Andererseits muss man nach Abschluss dieser Maßnahmen endlich massiv für ein zukünftiges Wachstum arbeiten – neue Shows, neue saisonale Events wie Season of the Force oder die Verbesserung bestehender saisonaler Events wie der heute beginnenden Weihnachtssaison reichen dafür einfach nicht aus.
Der Blick in die Freizeitparkwelt Europas abseits des Disneyland Paris gibt vor, was im Disneyland Paris kommen muss. Im kommenden Jahr eröffnen z.B. sowohl im Europa Park in Rust als auch in Efteling absolute Headliner-Attraktionen während das Disneyland Paris zu seinem 25. Geburtstag nicht eine einzige neue Attraktion zu bieten hat.
Diesen Pfad muss man verlassen, man hätte ihn schon vor vielen Jahren verlassen müssen, das Disneyland Paris muss auch beim Bau neuer Attraktionen ein Vorreiter in der europäischen Freizeitparkindustrie werden, um gegenüber der Konkurrenz auf Dauer bestehen zu können.
Daneben müssen in allen Bereichen die Qualitätsstandards weiterhin verbessert werden. Vieles hat sich hier schon getan, aber auch hier darf der Weg nicht vorzeitig enden.
Die The Walt Disney Company ist gefragt!
Es ist aber klar, dass die Euro Disney SCA dies nicht aus eigener Kraft stemmen kann, hier ist der Mutterkonzern, die Walt Disney Company gefragt. Ohne massive Investitionen, ohne die endgültige Beseitigung der strukturellen Probleme des Disneyland Paris, wird unser geliebtes Resort auf Dauer nicht bestehen können.

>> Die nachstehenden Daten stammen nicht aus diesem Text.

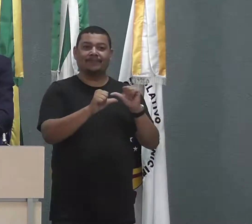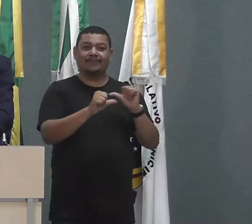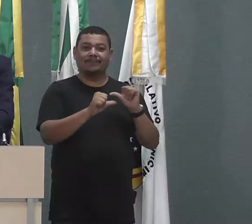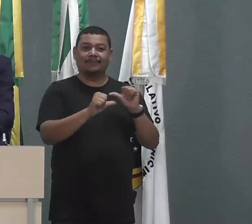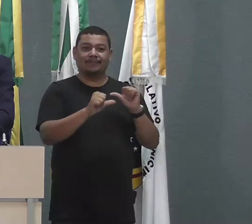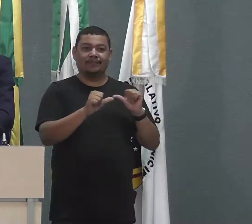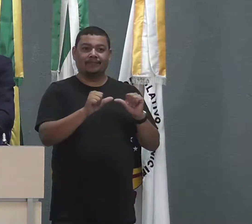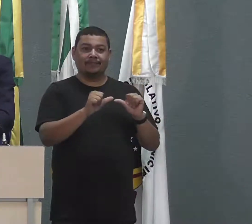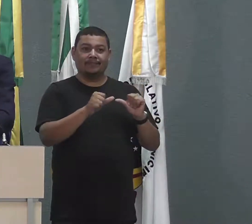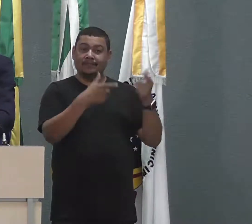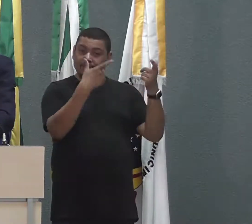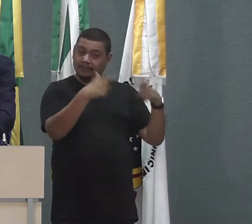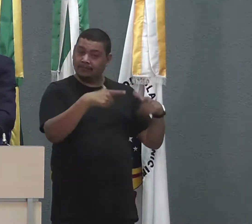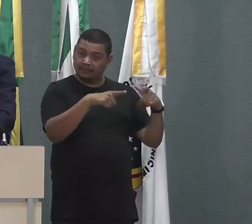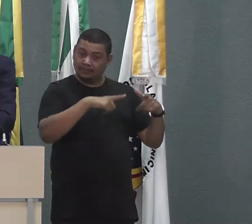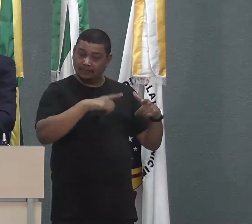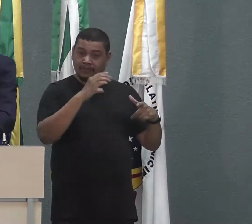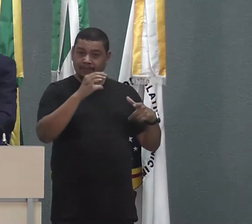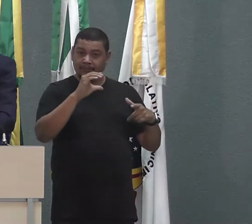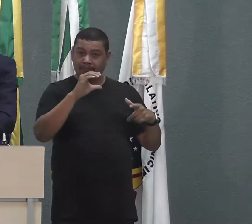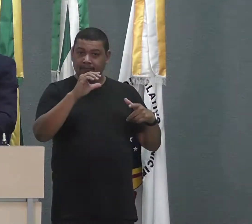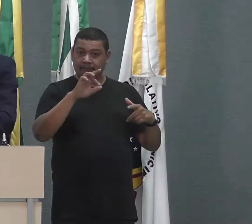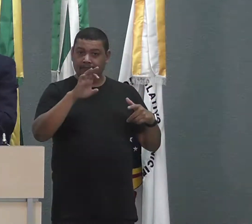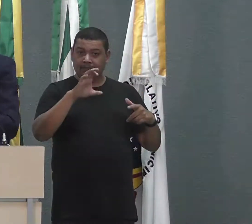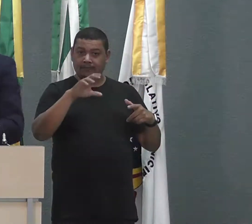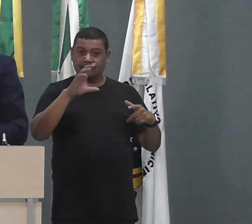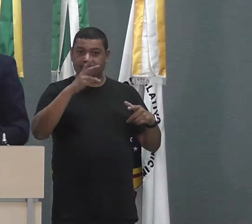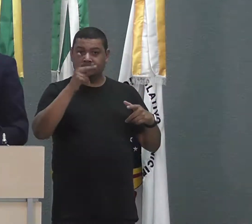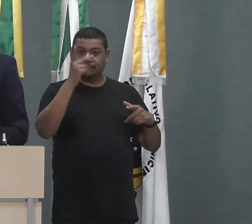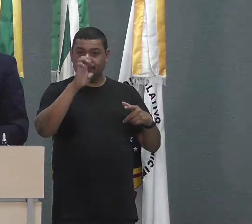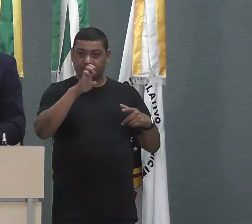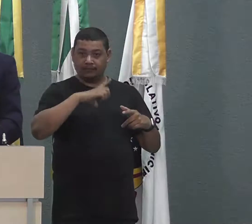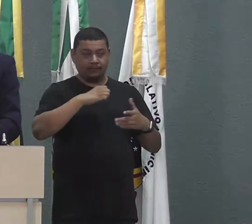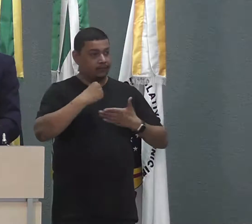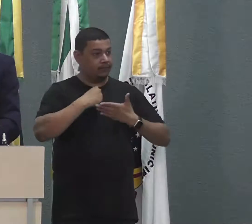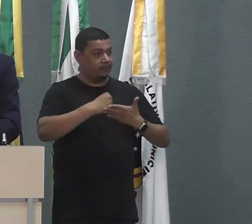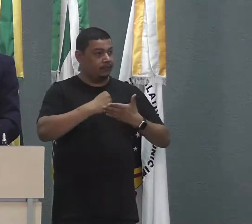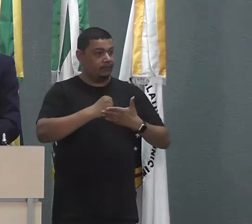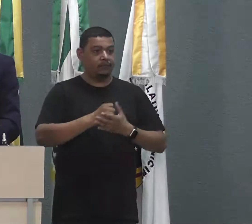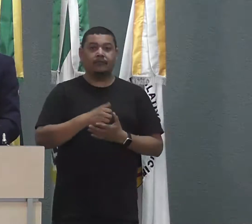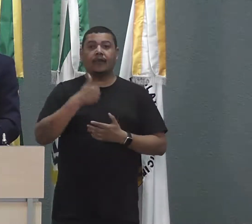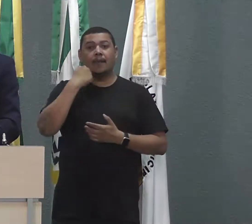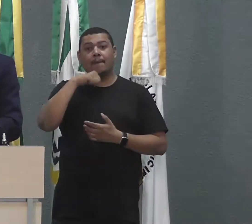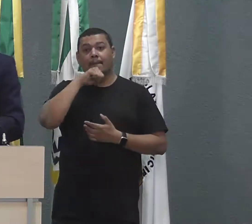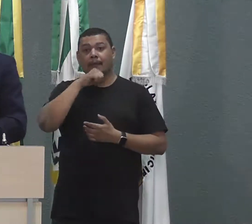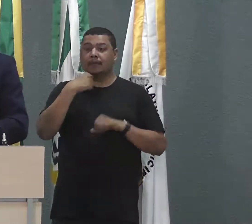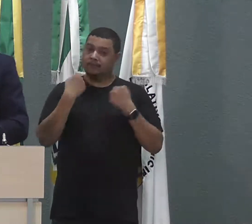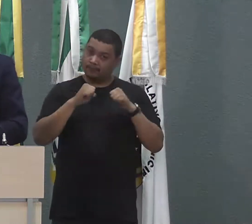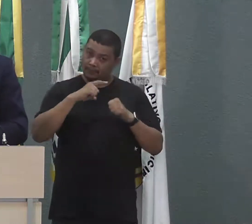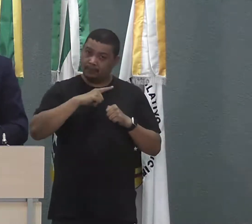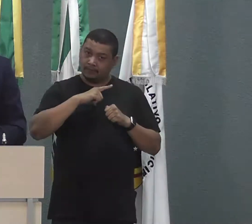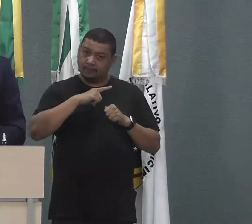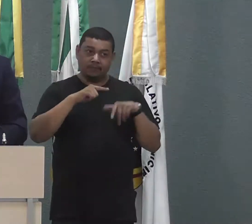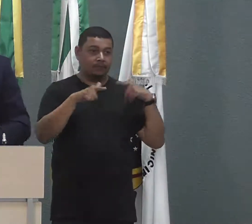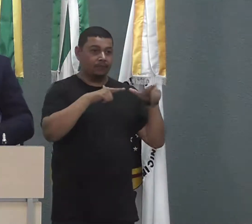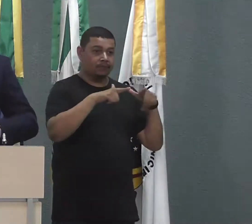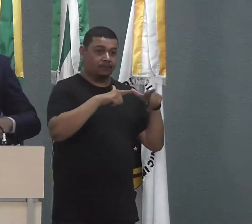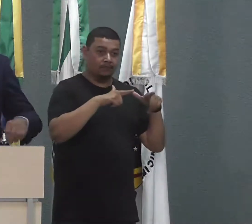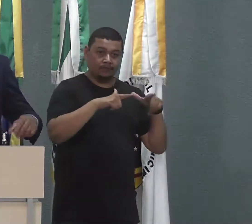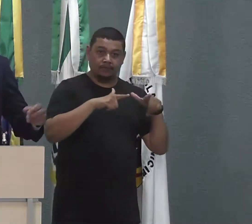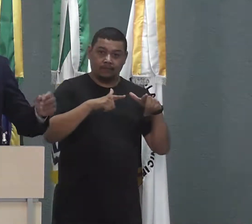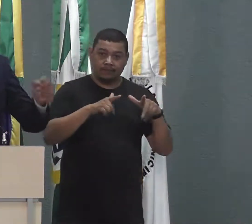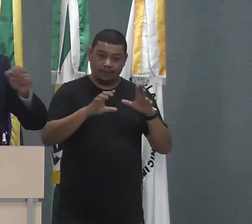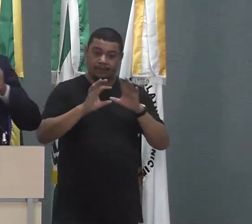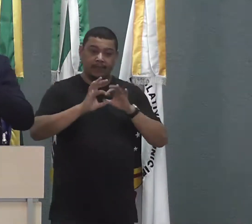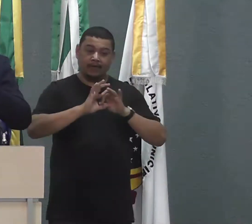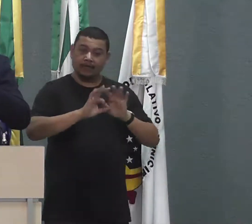unidade, aquela creche no distrito do Riozinho para atender aquelas mães que precisam se deslocar do Riozinho para Cacoal para

Wichtig ist dabei auch, dass man sich nicht blenden lassen darf, wenn das Jubiläumsjahr 2017 ein Erfolg werden sollte – und das ist nicht sicher, vor allem auf Grund des ersten Halbjahres des Geschäftsjahres 2017, von Oktober 2016 bis März 2017, wird auch das Jubiläumsjahr kein einfaches Jahr für das Resort werden.
Ein Erfolg 2017 ist kein Anzeichen für die Aussichten auf einen nachhaltigen Erfolg, sich erneut, wie im Besuchsrekordjahr 2012 blenden zu lassen wäre fatal für das Disneyland Paris.
Die Schritte zu einer positiven Entwicklung für die mittelfristige Zukunft müssen direkt im Anschluss an die Sanierungen weitergehen – viel ausgedehnter, als dies jemals in der Geschichte des Disneyland Paris der Fall war, sonst werden wir am Vorabend des 30. Jubiläumsjahres 2022 eine zumindest ähnliche, wenn nicht sogar schlimmere, Situation vorfinden, als aktuell.
Es war schon oft 5 vor 12 im Disneyland Paris, heute ist es 1 vor 12, viel Zeit zum nachhaltigen Handeln bleibt nicht mehr.